Еще оставалось время для того, чтобы «Фарш» потерпел ужасающее крушение, но пока тайная миссия майора Мартина, можно сказать, неслась на всех парах. В своем промежуточном отчете Монтегю писал: «Полагаю, что сегодня, когда „Фарш“ прошел полпути, по-прежнему можно считать, что мы успешно движемся к поставленной цели».
20
«Сераф» и «Хаски»
Билл Джуэлл вел «Сераф» к зазубренному береговому силуэту под завывание ветра, порывами налетавшего на боевую рубку. Было одиннадцатый час вечера, и после жестокого летнего шторма над неспокойным морем висел плотный туман. Джуэлла под зюйдвесткой пробирало холодом. Погода, вспоминал он потом, была «умеренно скверная», но пониженная видимость играла ему на руку.
Вновь «Сераф» подкрадывался в темноте к южному берегу Европы, чтобы оставить в море нечто важное. Вновь субмарина должна была выполнить строго секретное и чрезвычайно опасное задание, и от результата зависела жизнь тысяч людей. Разница между нынешним заданием и предыдущим, которое «Сераф» с успехом исполнил три месяца назад, была в том, что контейнер в трюме лодки на этот раз действительно заключал в себе специальное оборудование: приводной радиомаяк, который должен был направлять крупнейшее из вторжений, что когда-либо обрушивались на берега Сицилии.
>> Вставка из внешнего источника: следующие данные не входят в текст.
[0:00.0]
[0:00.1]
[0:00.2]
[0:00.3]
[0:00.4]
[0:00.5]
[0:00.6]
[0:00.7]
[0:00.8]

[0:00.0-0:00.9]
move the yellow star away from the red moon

Сыграв свою роль в тайной подготовке к операции «Хаски», «Сераф» был избран для того, чтобы возглавить нападение как таковое.
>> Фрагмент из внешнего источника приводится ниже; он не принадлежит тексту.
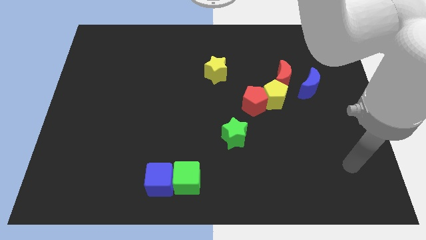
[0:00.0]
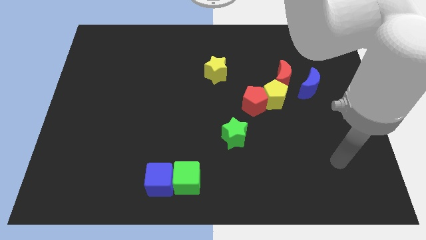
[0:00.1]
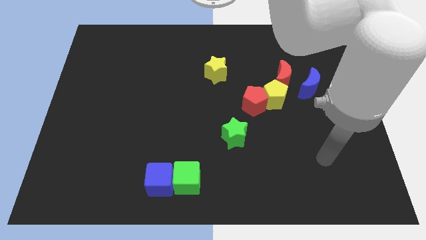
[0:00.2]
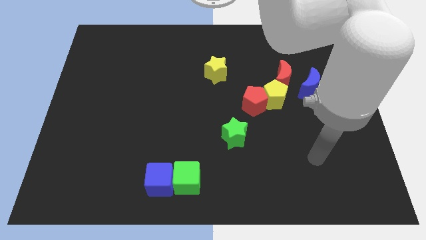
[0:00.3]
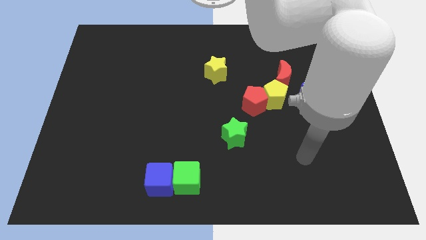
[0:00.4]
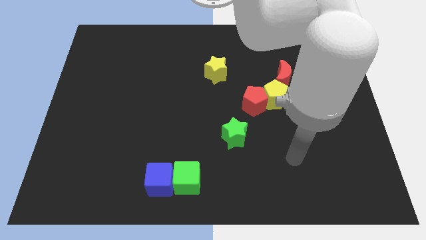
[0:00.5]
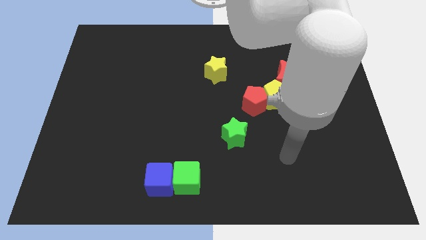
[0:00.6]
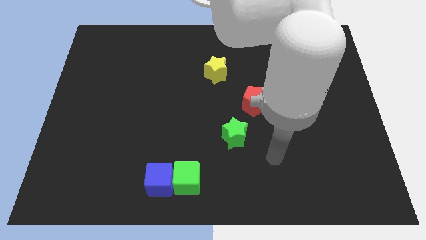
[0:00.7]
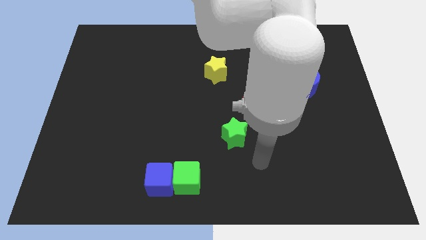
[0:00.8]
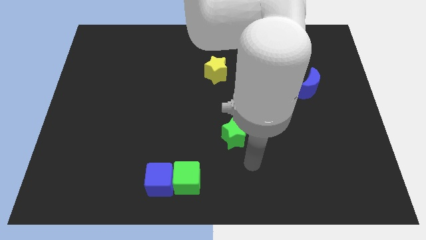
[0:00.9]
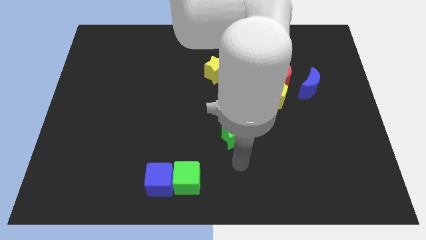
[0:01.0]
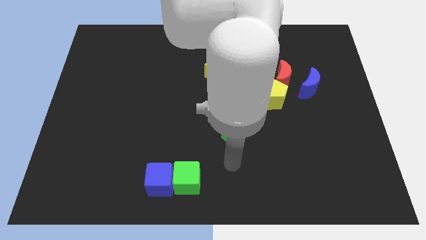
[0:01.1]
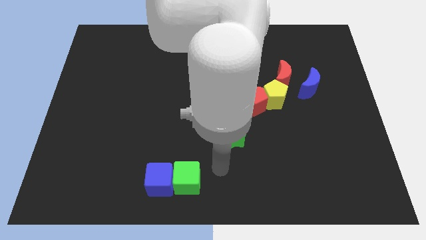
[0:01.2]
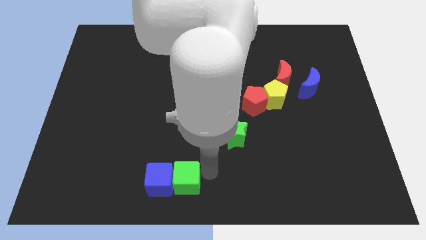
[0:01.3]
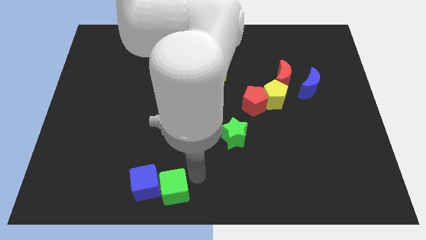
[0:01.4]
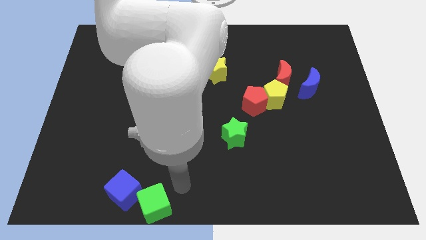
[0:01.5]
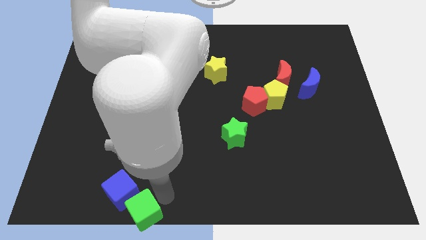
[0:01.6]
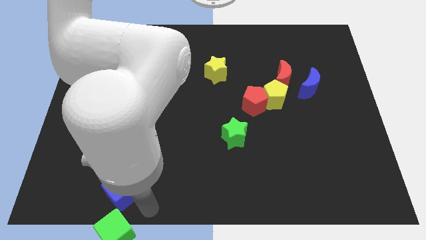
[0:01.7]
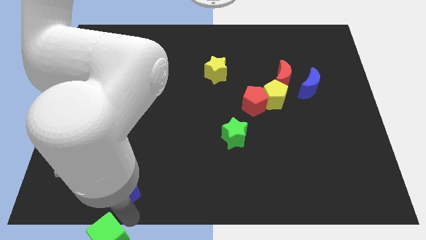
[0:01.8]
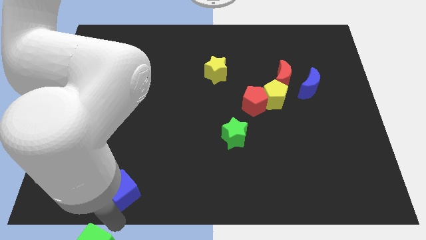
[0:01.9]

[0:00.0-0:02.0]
pull the blue cube apart from the green cube

Неделей раньше Джуэлла вызвали в штаб-квартиру подводного флота, находившуюся в Алжире, и там он получил боевое задание от своего непосредственного начальника — капитана Барни Фокса: «Тебе надо будет служить ориентиром и поставить маяк для вторжения нашей армии на Сицилию». В заливе Джела в тысяче ярдов от южного берега Сицилии «Сераф» должен был спустить на воду плавучий радиолокационный маяк нового типа. Сделать это надо было за несколько часов до вторжения, намеченного на четыре утра 10 июля. Двигаясь на маяк, эсминцы должны были повести за собой флотилии десантных судов с солдатами американской 45-й пехотной дивизии, которым рано утром предстояло штурмовать сицилийский берег. «Серафу» было поручено оставаться на месте в качестве зрительного ориентира «для передовых сил вторжения» и отойти, когда атака наберет силу. Подводная лодка должна была послужить головным кораблем могучей армады из более чем 3 тысяч грузовых судов, сторожевиков, танкеров, транспортов, минных тральщиков и десантных плавучих средств, на борту которых находилось 1800 тяжелых орудий, 400 танков и 160 тысяч военнослужащих американской 7-й армии под командованием генерала Джорджа Паттона и британской 8-й армии, которой командовал Монтгомери.